#### Collected data:
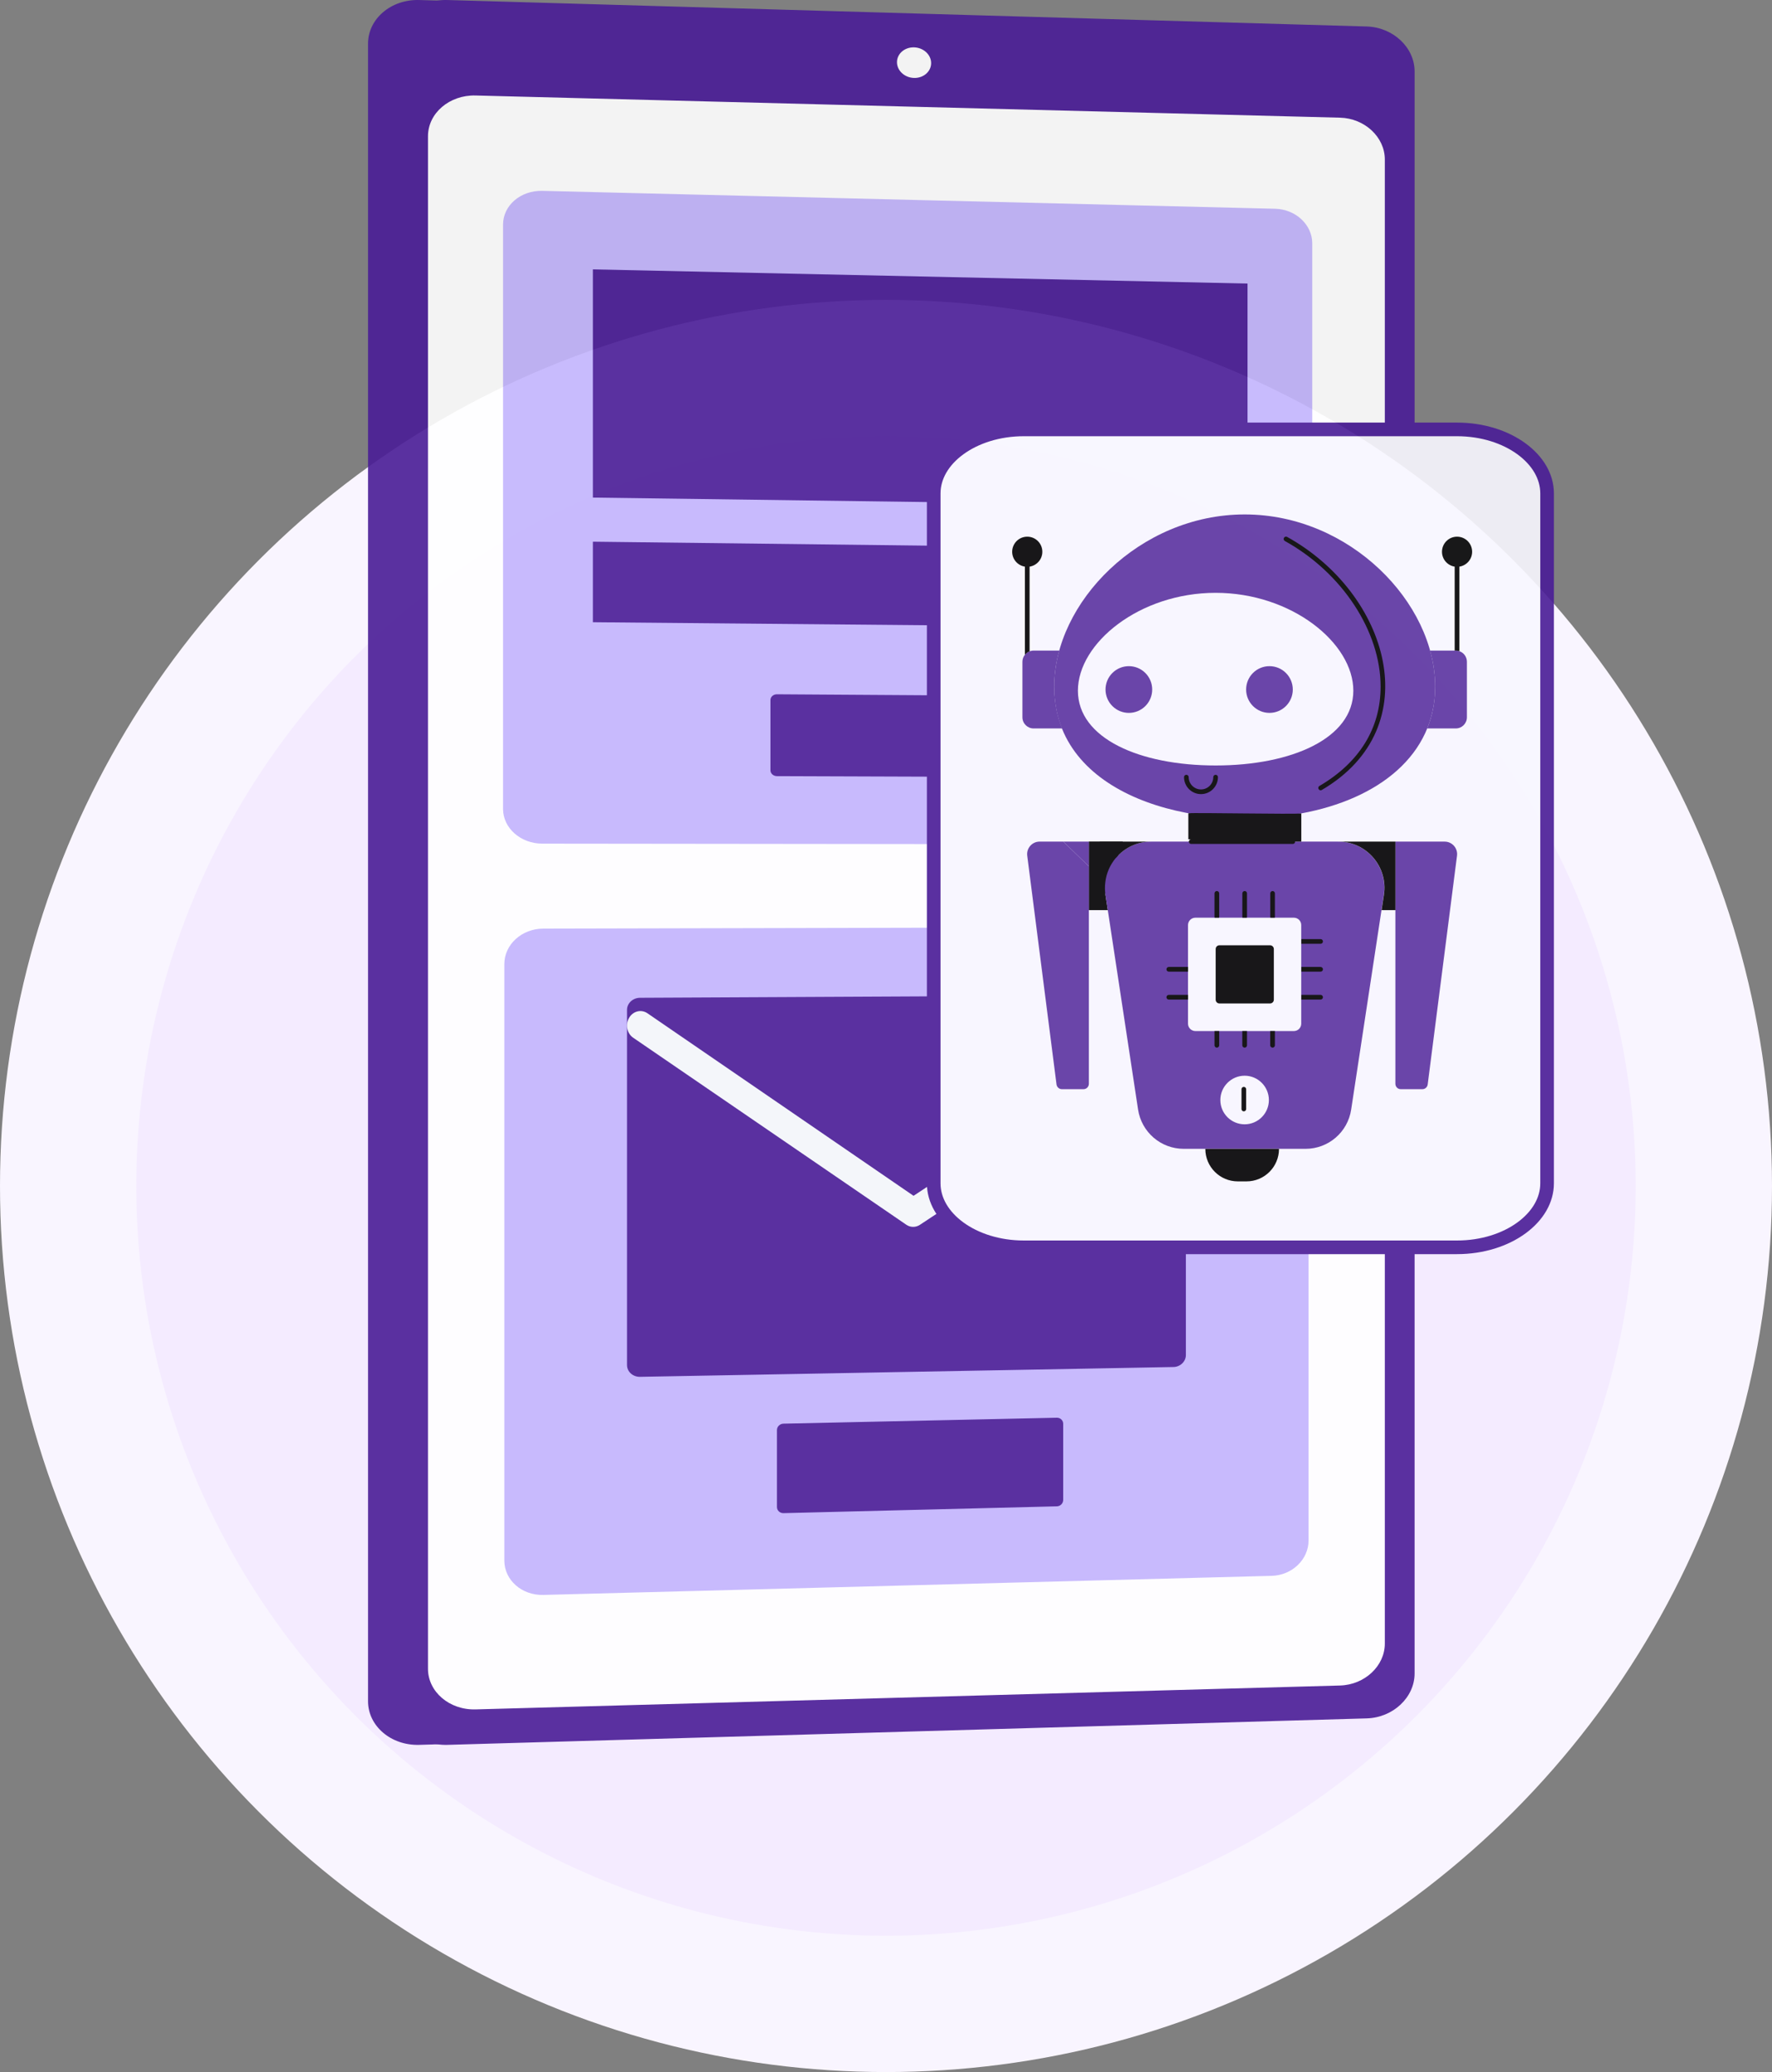 <svg width="130" height="152" viewBox="0 0 130 152" fill="none" xmlns="http://www.w3.org/2000/svg">
<rect x="0" y="0" width="130" height="152" fill="#808080" stroke="none"/>
<circle cx="65" cy="87" r="60" fill="#F4EBFF" stroke="#F9F5FF" stroke-width="10"/>
<g opacity="0.9">
<path d="M101.713 5.24V122.76C101.713 124.517 100.007 124.896 98.072 124.951L31.756 127.969L30.751 127.998C28.69 128.057 27 126.619 27 124.8V3.2C27 1.381 28.69 -0.058 30.751 0.002L32.114 0.041L98.673 4.596C100.608 4.652 101.713 3.483 101.713 5.24L101.713 5.24Z" fill="#491C96"/>
<path d="M103.78 5.24V122.76C103.78 124.517 102.199 126.001 100.265 126.056L32.818 127.998C30.756 128.057 29.066 126.618 29.066 124.8V3.2C29.066 1.381 30.756 -0.058 32.818 0.002L100.265 1.943C102.199 1.999 103.78 3.482 103.78 5.24Z" fill="#491C96"/>
<path d="M101.596 11.7V120.569C101.596 122.21 100.119 123.593 98.311 123.644L34.89 125.397C32.971 125.45 31.398 124.107 31.398 122.413V9.996C31.398 8.302 32.971 6.956 34.89 7.005L98.311 8.633C100.119 8.679 101.596 10.059 101.596 11.7Z" fill="white"/>
<path d="M68.311 4.63C68.311 5.249 67.751 5.736 67.058 5.718C66.366 5.7 65.805 5.182 65.805 4.562C65.805 3.942 66.366 3.455 67.058 3.474C67.75 3.493 68.311 4.01 68.311 4.63Z" fill="white"/>
<path d="M93.549 61.945L39.785 61.887C38.196 61.885 36.906 60.746 36.906 59.341V16.473C36.906 15.069 38.196 13.962 39.785 14.001L93.549 15.314C95.053 15.35 96.271 16.486 96.271 17.849V59.48C96.271 60.843 95.053 61.947 93.549 61.946V61.945Z" fill="#C3B5FD"/>
<path d="M76.952 57.005L56.998 56.935C56.736 56.934 56.523 56.744 56.523 56.511V51.351C56.523 51.117 56.736 50.93 56.998 50.931L76.952 51.061C77.209 51.062 77.417 51.251 77.417 51.482V56.59C77.417 56.82 77.209 57.007 76.952 57.006V57.005Z" fill="#491C96"/>
<path d="M91.523 37.148L43.496 36.501V19.761L91.523 20.801V37.148Z" fill="#491C96"/>
<path d="M91.523 46.078L43.496 45.645V39.737L91.523 40.308V46.078Z" fill="#491C96"/>
<path d="M93.295 115.599L39.861 116.999C38.282 117.04 37 115.912 37 114.479V70.721C37 69.288 38.282 68.123 39.861 68.12L93.295 68C94.79 67.997 96 69.123 96 70.514V113.008C96 114.4 94.79 115.56 93.295 115.599V115.599Z" fill="#C3B5FD"/>
<path d="M86.083 100.281L46.953 101C46.427 101.009 46 100.623 46 100.137V74.08C46 73.594 46.427 73.198 46.953 73.195L86.083 73C86.59 72.998 87 73.382 87 73.858V99.402C87 99.878 86.589 100.273 86.083 100.282V100.281Z" fill="#491C96"/>
<path d="M77.533 110.5L57.477 111C57.214 111.006 57 110.805 57 110.55V104.907C57 104.652 57.213 104.441 57.477 104.436L77.533 104C77.791 103.995 78 104.194 78 104.447V110.032C78 110.284 77.791 110.494 77.533 110.501V110.5Z" fill="#491C96"/>
<path d="M67.002 90C66.824 90.002 66.645 89.95 66.489 89.843L46.453 76.125C45.997 75.814 45.863 75.159 46.153 74.664C46.443 74.168 47.046 74.02 47.501 74.332L67.021 87.721L87.588 74.147C88.032 73.853 88.606 74.014 88.869 74.505C89.133 74.997 88.985 75.633 88.541 75.927L67.49 89.848C67.339 89.947 67.171 89.998 67.002 90Z" fill="#F4F7FA"/>
<path d="M75.11 91.5H106.89C108.758 91.5 110.43 90.946 111.622 90.074C112.815 89.202 113.5 88.04 113.5 86.803V36.197C113.5 34.96 112.815 33.798 111.622 32.926C110.43 32.054 108.758 31.5 106.89 31.5L75.11 31.5C73.242 31.5 71.57 32.054 70.378 32.926C69.185 33.798 68.5 34.96 68.5 36.197V86.803C68.5 88.04 69.185 89.202 70.378 90.074C71.57 90.946 73.242 91.5 75.11 91.5Z" fill="#F8F7FF" stroke="#491C96"/>
<path d="M81.273 66.763H79.881V61.732H82.375C82.336 62.028 81.055 65.328 81.1 65.637L81.273 66.763Z" fill="black"/>
<path d="M75.362 62.773L77.51 79.555C77.538 79.752 77.707 79.9 77.907 79.9H79.486C79.704 79.9 79.883 79.724 79.883 79.502V63.554L78.009 61.738H76.269C75.717 61.738 75.292 62.224 75.362 62.773L75.362 62.773Z" fill="#5B33A0"/>
<path d="M78.009 61.738L79.883 63.554V61.738H78.009Z" fill="#5B33A0"/>
<path d="M102.37 61.738V79.502C102.37 79.724 102.546 79.9 102.767 79.9H104.346C104.546 79.9 104.715 79.752 104.74 79.555L106.891 62.773C106.961 62.224 106.536 61.739 105.984 61.739H102.37L102.37 61.738Z" fill="#5B33A0"/>
<path d="M81.089 64.726C81.163 64.054 81.441 63.435 81.862 62.935C82.481 62.207 83.402 61.739 84.446 61.739H98.177C100.248 61.739 101.833 63.586 101.524 65.638L101.351 66.764L99.126 81.396C98.877 83.053 97.453 84.275 95.78 84.275H86.84C85.167 84.275 83.747 83.054 83.493 81.396L81.272 66.764L81.099 65.638C81.054 65.328 81.05 65.022 81.089 64.726V64.726ZM91.311 82.476C92.292 82.476 93.09 81.677 93.09 80.696C93.09 79.714 92.292 78.911 91.311 78.911C90.331 78.911 89.529 79.71 89.529 80.696C89.529 81.681 90.327 82.476 91.311 82.476ZM87.156 75.093C87.156 75.392 87.399 75.635 87.698 75.635H94.925C95.224 75.635 95.463 75.392 95.463 75.093V67.862C95.463 67.562 95.224 67.32 94.925 67.32H87.698C87.399 67.32 87.156 67.562 87.156 67.862V75.093Z" fill="#5B33A0"/>
<path d="M91.316 37.738C99.032 37.738 105.289 44.213 105.289 50.372C105.289 55.372 101.155 58.624 95.467 59.669C87.589 61.08 77.338 58.411 77.338 50.372C77.338 44.213 83.596 37.738 91.316 37.738ZM89.182 56.153C94.76 56.153 99.285 54.162 99.285 50.667C99.285 47.173 94.76 43.488 89.182 43.488C83.603 43.488 79.079 47.169 79.079 50.667C79.079 54.165 83.603 56.153 89.182 56.153Z" fill="#5B33A0"/>
<path d="M75.008 48.545V52.617C75.008 53.071 75.377 53.437 75.83 53.437H77.922C77.186 51.63 77.188 49.592 77.715 47.725H75.83C75.586 47.725 75.342 47.837 75.187 48.035C75.075 48.176 75.008 48.352 75.008 48.545V48.545Z" fill="#5B33A0"/>
<path d="M104.703 53.437H106.798C107.252 53.437 107.617 53.071 107.617 52.617V48.546C107.617 48.183 107.385 47.877 107.062 47.768C106.977 47.74 106.889 47.726 106.798 47.726H104.914C105.157 48.599 105.287 49.489 105.287 50.369C105.287 51.481 105.083 52.505 104.703 53.437V53.437Z" fill="#5B33A0"/>
<path d="M91.42 50.582C91.42 51.526 92.185 52.295 93.132 52.295C94.079 52.295 94.844 51.526 94.844 50.582C94.844 49.637 94.079 48.868 93.132 48.868C92.185 48.868 91.42 49.634 91.42 50.582Z" fill="#5B33A0"/>
<path d="M81.607 51.794C80.938 51.124 80.938 50.039 81.607 49.37C82.275 48.701 83.359 48.701 84.028 49.37C84.696 50.039 84.696 51.124 84.028 51.794C83.359 52.463 82.275 52.463 81.607 51.794Z" fill="#5B33A0"/>
<path d="M91.448 86.663H90.811C89.494 86.663 88.427 85.595 88.427 84.277H93.832C93.832 85.595 92.765 86.663 91.448 86.663Z" fill="black"/>
<path d="M81.865 62.934L80.66 61.738H84.449C83.405 61.738 82.484 62.206 81.865 62.934Z" fill="black"/>
<path d="M87.388 61.567H87.181V59.658C87.635 59.602 95.036 59.746 95.469 59.669V61.738H95.016V61.738C95.016 61.833 94.939 61.909 94.845 61.909H87.388C87.293 61.909 87.217 61.833 87.217 61.738C87.217 61.644 87.293 61.567 87.388 61.567Z" fill="black"/>
<path d="M102.375 66.763H101.359L101.531 65.637C101.841 63.586 100.255 61.738 98.185 61.738H102.375V66.763Z" fill="black"/>
<path d="M106.894 39.369C107.506 39.369 108 39.865 108 40.477C108 41.03 107.595 41.484 107.065 41.567V47.767C106.981 47.739 106.892 47.725 106.801 47.725H106.72V41.567C106.192 41.483 105.789 41.029 105.789 40.477C105.789 39.865 106.283 39.369 106.894 39.369Z" fill="black"/>
<path d="M76.469 40.477C76.469 41.029 76.064 41.484 75.534 41.567V47.782C75.397 47.834 75.278 47.922 75.19 48.035V41.567C74.661 41.483 74.257 41.029 74.257 40.477C74.257 39.865 74.751 39.369 75.363 39.369C75.975 39.369 76.469 39.865 76.469 40.477H76.469Z" fill="black"/>
<path d="M96.972 57.95C96.776 58.065 96.605 57.769 96.799 57.655C99.734 55.935 101.286 53.416 101.286 50.369C101.286 46.307 98.463 42.014 94.261 39.686C94.179 39.64 94.149 39.536 94.195 39.453C94.24 39.37 94.345 39.341 94.427 39.386C101.862 43.505 104.851 53.334 96.972 57.95H96.972Z" fill="black"/>
<path d="M87.16 71.278H85.747C85.652 71.278 85.575 71.201 85.575 71.106C85.575 71.011 85.652 70.933 85.747 70.933H87.16V71.278Z" fill="black"/>
<path d="M85.575 73.154C85.575 73.059 85.652 72.981 85.747 72.981H87.16V73.326H85.747C85.652 73.326 85.575 73.249 85.575 73.153V73.154Z" fill="black"/>
<path d="M97.055 69.061C97.055 69.156 96.977 69.234 96.882 69.234H95.469V68.889H96.882C96.977 68.889 97.055 68.966 97.055 69.061Z" fill="black"/>
<path d="M97.055 71.106C97.055 71.201 96.977 71.278 96.882 71.278H95.469V70.933H96.882C96.977 70.933 97.055 71.011 97.055 71.106Z" fill="black"/>
<path d="M97.055 73.154C97.055 73.249 96.977 73.326 96.882 73.326H95.469V72.981H96.882C96.977 72.981 97.055 73.059 97.055 73.154V73.154Z" fill="black"/>
<path d="M89.445 76.68C89.445 76.775 89.368 76.852 89.273 76.852C89.178 76.852 89.101 76.775 89.101 76.68V75.635H89.445V76.68Z" fill="black"/>
<path d="M91.14 76.68V75.635H91.484V76.68C91.484 76.775 91.407 76.852 91.312 76.852C91.217 76.852 91.14 76.775 91.14 76.68Z" fill="black"/>
<path d="M93.531 76.68C93.531 76.775 93.454 76.852 93.359 76.852C93.264 76.852 93.186 76.775 93.186 76.68V75.635H93.531V76.68H93.531Z" fill="black"/>
<path d="M89.1 65.535C89.1 65.44 89.177 65.363 89.272 65.363C89.367 65.363 89.444 65.44 89.444 65.535C89.441 67.356 89.454 67.269 89.434 67.319H89.111C89.091 67.27 89.104 67.36 89.1 65.535H89.1Z" fill="black"/>
<path d="M91.143 65.535C91.143 65.44 91.22 65.363 91.315 65.363C91.409 65.363 91.484 65.44 91.484 65.535C91.48 67.356 91.493 67.269 91.473 67.319H91.153C91.134 67.27 91.146 67.36 91.143 65.535H91.143Z" fill="black"/>
<path d="M93.359 65.363C93.454 65.363 93.531 65.44 93.531 65.535V67.266C93.531 67.284 93.528 67.302 93.521 67.319H93.201C93.194 67.302 93.191 67.284 93.191 67.266V65.535C93.191 65.44 93.268 65.363 93.359 65.363H93.359Z" fill="black"/>
<path d="M93.453 69.621V73.333C93.453 73.488 93.326 73.611 93.175 73.611H89.463C89.309 73.611 89.186 73.488 89.186 73.333V71.753V71.171V70.726V69.621C89.186 69.466 89.309 69.343 89.463 69.343H93.175C93.327 69.343 93.453 69.466 93.453 69.621Z" fill="black"/>
<path d="M91.251 81.525C91.157 81.525 91.08 81.449 91.08 81.354V79.901C91.08 79.807 91.157 79.73 91.251 79.73C91.345 79.73 91.422 79.807 91.422 79.901V81.354C91.422 81.449 91.345 81.525 91.251 81.525Z" fill="black"/>
<path d="M88.108 58.254C87.422 58.254 86.864 57.695 86.864 57.008C86.864 56.914 86.94 56.837 87.035 56.837C87.129 56.837 87.206 56.914 87.206 57.008C87.206 57.506 87.61 57.911 88.108 57.911C88.605 57.911 89.01 57.506 89.01 57.008C89.01 56.914 89.086 56.837 89.181 56.837C89.275 56.837 89.352 56.914 89.352 57.008C89.352 57.695 88.794 58.254 88.108 58.254Z" fill="black"/>
</g>
</svg>

#### Description of the task:
In the data above, which lines lie between the line with "65.363C93.454 65.363 93.531" and the line with "81.525C91.157 81.525 91.08", inclusive? Print those lines exactly and nothing else.

#### Task output:
<path d="M93.359 65.363C93.454 65.363 93.531 65.44 93.531 65.535V67.266C93.531 67.284 93.528 67.302 93.521 67.319H93.201C93.194 67.302 93.191 67.284 93.191 67.266V65.535C93.191 65.44 93.268 65.363 93.359 65.363H93.359Z" fill="black"/>
<path d="M93.453 69.621V73.333C93.453 73.488 93.326 73.611 93.175 73.611H89.463C89.309 73.611 89.186 73.488 89.186 73.333V71.753V71.171V70.726V69.621C89.186 69.466 89.309 69.343 89.463 69.343H93.175C93.327 69.343 93.453 69.466 93.453 69.621Z" fill="black"/>
<path d="M91.251 81.525C91.157 81.525 91.08 81.449 91.08 81.354V79.901C91.08 79.807 91.157 79.73 91.251 79.73C91.345 79.73 91.422 79.807 91.422 79.901V81.354C91.422 81.449 91.345 81.525 91.251 81.525Z" fill="black"/>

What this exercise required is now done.